GLM_POISSON
Overview
The GLM_POISSON function fits a Generalized Linear Model (GLM) with a Poisson distribution family, designed specifically for modeling count data. Poisson regression is appropriate when the response variable represents counts of events—such as the number of customer arrivals, defect occurrences, or species observations—where values are non-negative integers.
This implementation uses the statsmodels library’s GLM framework. For complete documentation, see the statsmodels GLM reference and the GLM class API. The source code is available on GitHub.
The Poisson distribution assumes that the mean and variance of the response variable are equal.
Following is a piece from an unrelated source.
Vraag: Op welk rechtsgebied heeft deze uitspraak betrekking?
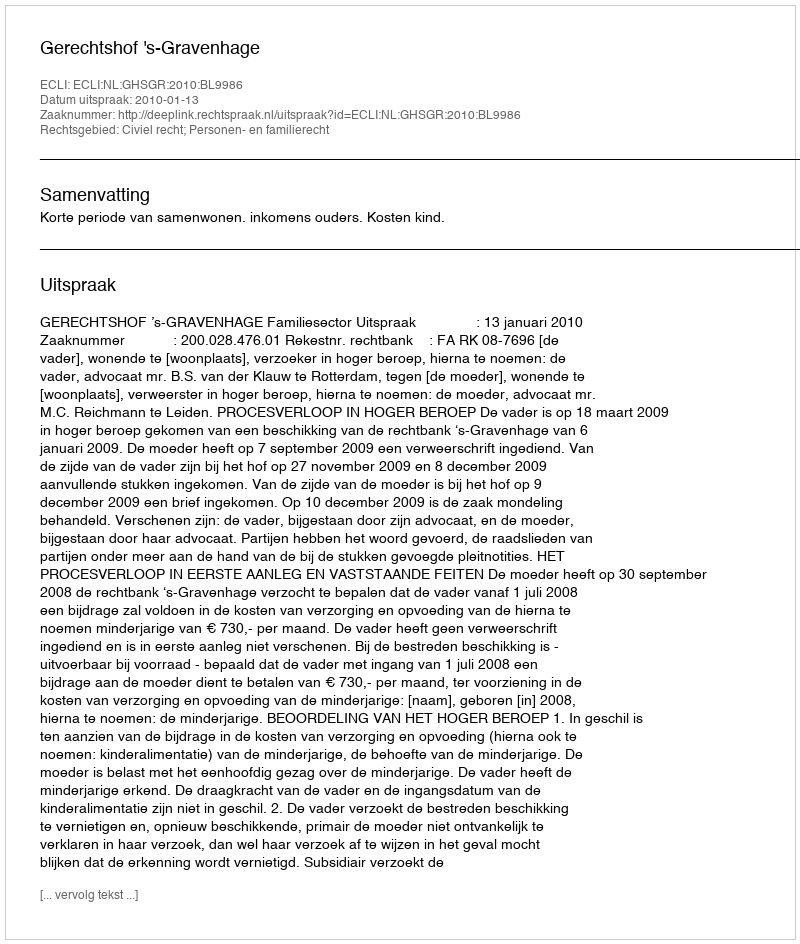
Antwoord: Civiel recht; Personen- en familierecht

The model relates the expected count \mu to predictor variables through a link function. The canonical link for Poisson regression is the log link:
\log(\mu_i) = \beta_0 + \beta_1 x_{i1} + \beta_2 x_{i2} + \cdots + \beta_p x_{ip}
This function supports three link functions: log (default), identity, and sqrt. The log link ensures predicted counts are always positive and provides easily interpretable coefficients—each unit increase in a predictor multiplies the expected count by e^{\beta}, known as the incidence rate ratio (IRR).
Parameters are estimated via maximum likelihood using iteratively reweighted least squares (IRLS). The function returns coefficient estimates, standard errors, z-statistics, p-values, and confidence intervals. Model fit is assessed using deviance, Pearson chi-squared, AIC, BIC, and log-likelihood statistics. The incidence rate ratio for each coefficient is also computed as \text{IRR} = e^{\beta}.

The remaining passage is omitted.